→ **Exercise prompt**
Copy out every line of the records in which "shows" can be found.

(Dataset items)
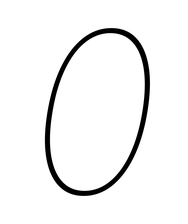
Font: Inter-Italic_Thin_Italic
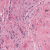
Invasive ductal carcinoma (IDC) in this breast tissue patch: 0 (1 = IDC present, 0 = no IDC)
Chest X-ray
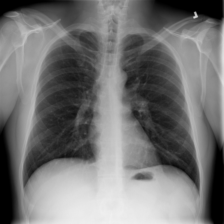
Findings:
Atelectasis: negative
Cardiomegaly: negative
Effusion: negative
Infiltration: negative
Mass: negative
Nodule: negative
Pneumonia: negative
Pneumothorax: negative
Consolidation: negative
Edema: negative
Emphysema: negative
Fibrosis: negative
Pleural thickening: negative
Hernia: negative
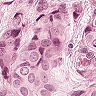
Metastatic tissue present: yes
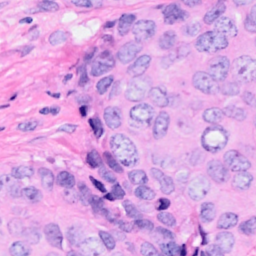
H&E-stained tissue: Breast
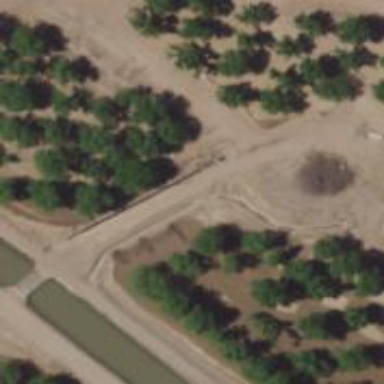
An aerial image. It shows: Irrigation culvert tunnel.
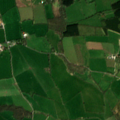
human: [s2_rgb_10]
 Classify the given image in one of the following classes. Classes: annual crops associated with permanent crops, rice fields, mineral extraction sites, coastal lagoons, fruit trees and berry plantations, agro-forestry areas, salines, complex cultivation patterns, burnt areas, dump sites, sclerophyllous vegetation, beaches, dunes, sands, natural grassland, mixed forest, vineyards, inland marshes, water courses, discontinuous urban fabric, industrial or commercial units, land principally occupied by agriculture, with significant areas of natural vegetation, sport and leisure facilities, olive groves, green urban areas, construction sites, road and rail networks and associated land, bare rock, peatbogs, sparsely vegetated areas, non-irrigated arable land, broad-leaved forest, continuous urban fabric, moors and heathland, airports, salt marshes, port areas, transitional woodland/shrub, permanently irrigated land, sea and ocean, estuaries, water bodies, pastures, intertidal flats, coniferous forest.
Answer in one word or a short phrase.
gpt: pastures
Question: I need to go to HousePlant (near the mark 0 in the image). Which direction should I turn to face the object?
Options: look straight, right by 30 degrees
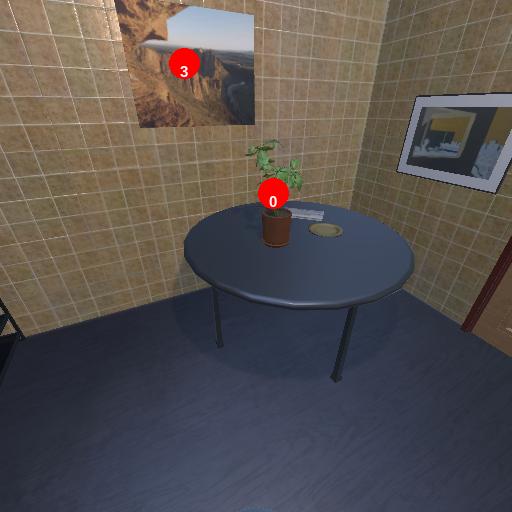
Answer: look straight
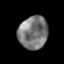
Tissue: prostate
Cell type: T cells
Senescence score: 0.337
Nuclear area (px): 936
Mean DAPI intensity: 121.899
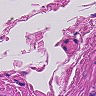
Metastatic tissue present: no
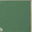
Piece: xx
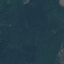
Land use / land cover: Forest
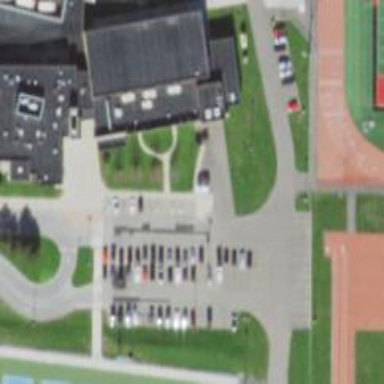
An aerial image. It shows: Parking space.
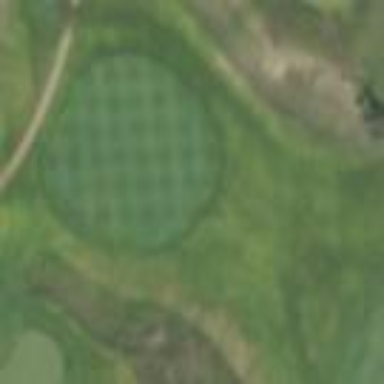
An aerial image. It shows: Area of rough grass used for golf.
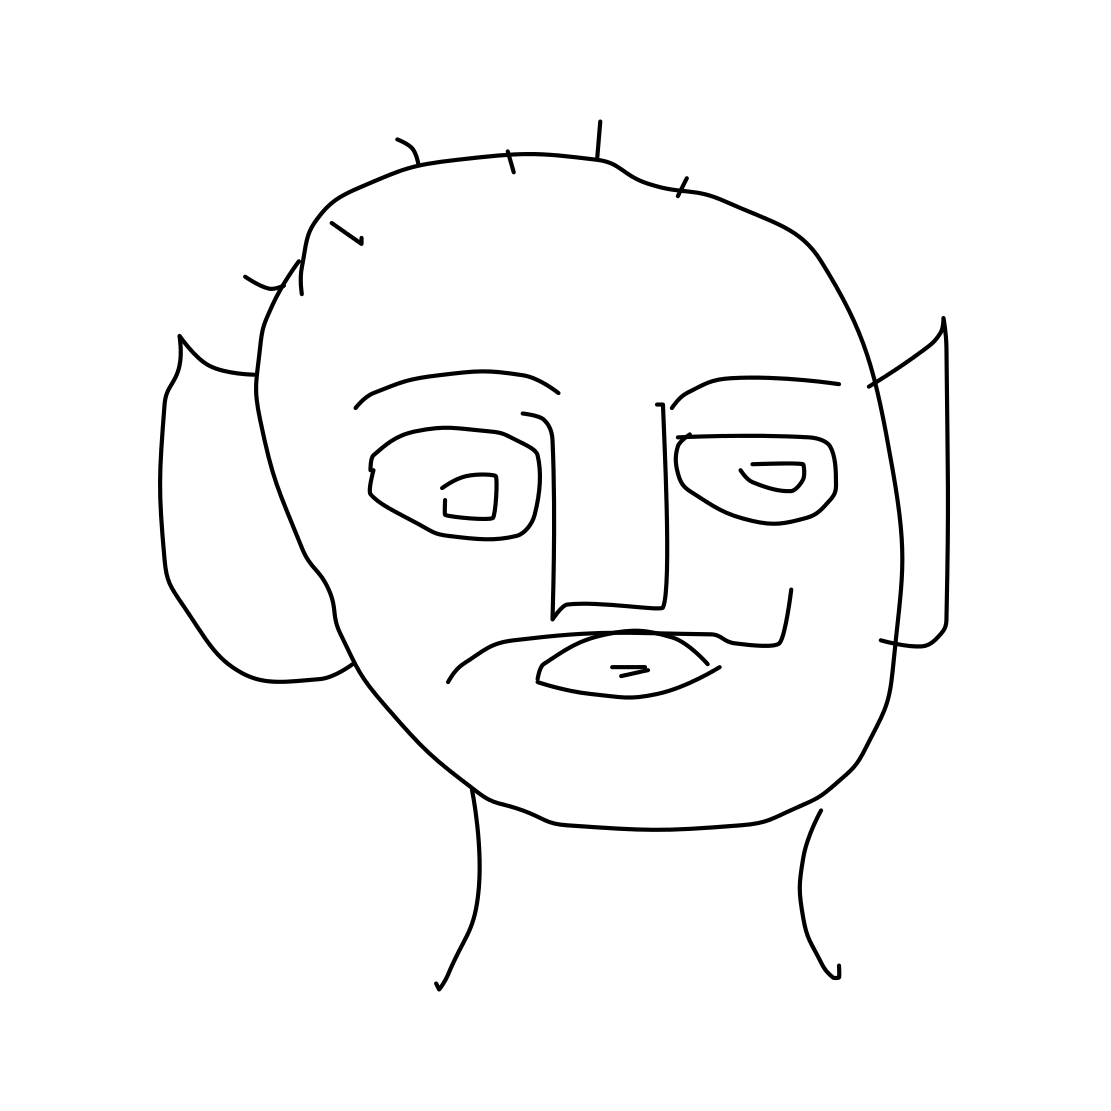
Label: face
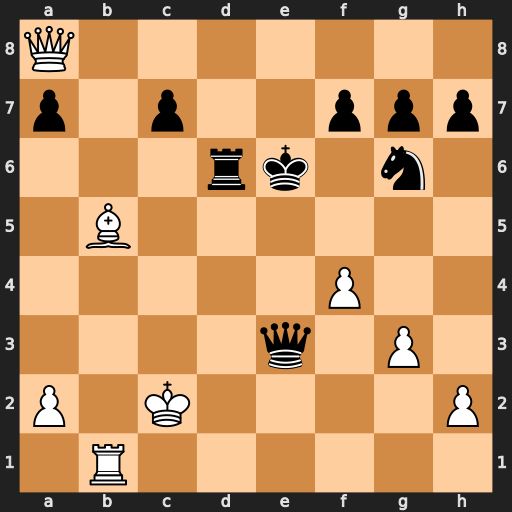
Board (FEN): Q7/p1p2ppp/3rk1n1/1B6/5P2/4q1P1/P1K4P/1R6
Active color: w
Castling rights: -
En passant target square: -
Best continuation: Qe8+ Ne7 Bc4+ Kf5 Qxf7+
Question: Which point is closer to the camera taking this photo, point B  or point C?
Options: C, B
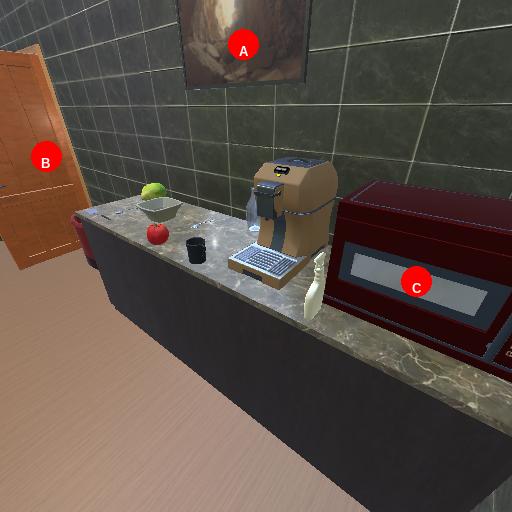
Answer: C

→ **Task response**
An aerial image. It shows: Irrigation culvert tunnel.
An aerial image. It shows: Parking space.
An aerial image. It shows: Area of rough grass used for golf.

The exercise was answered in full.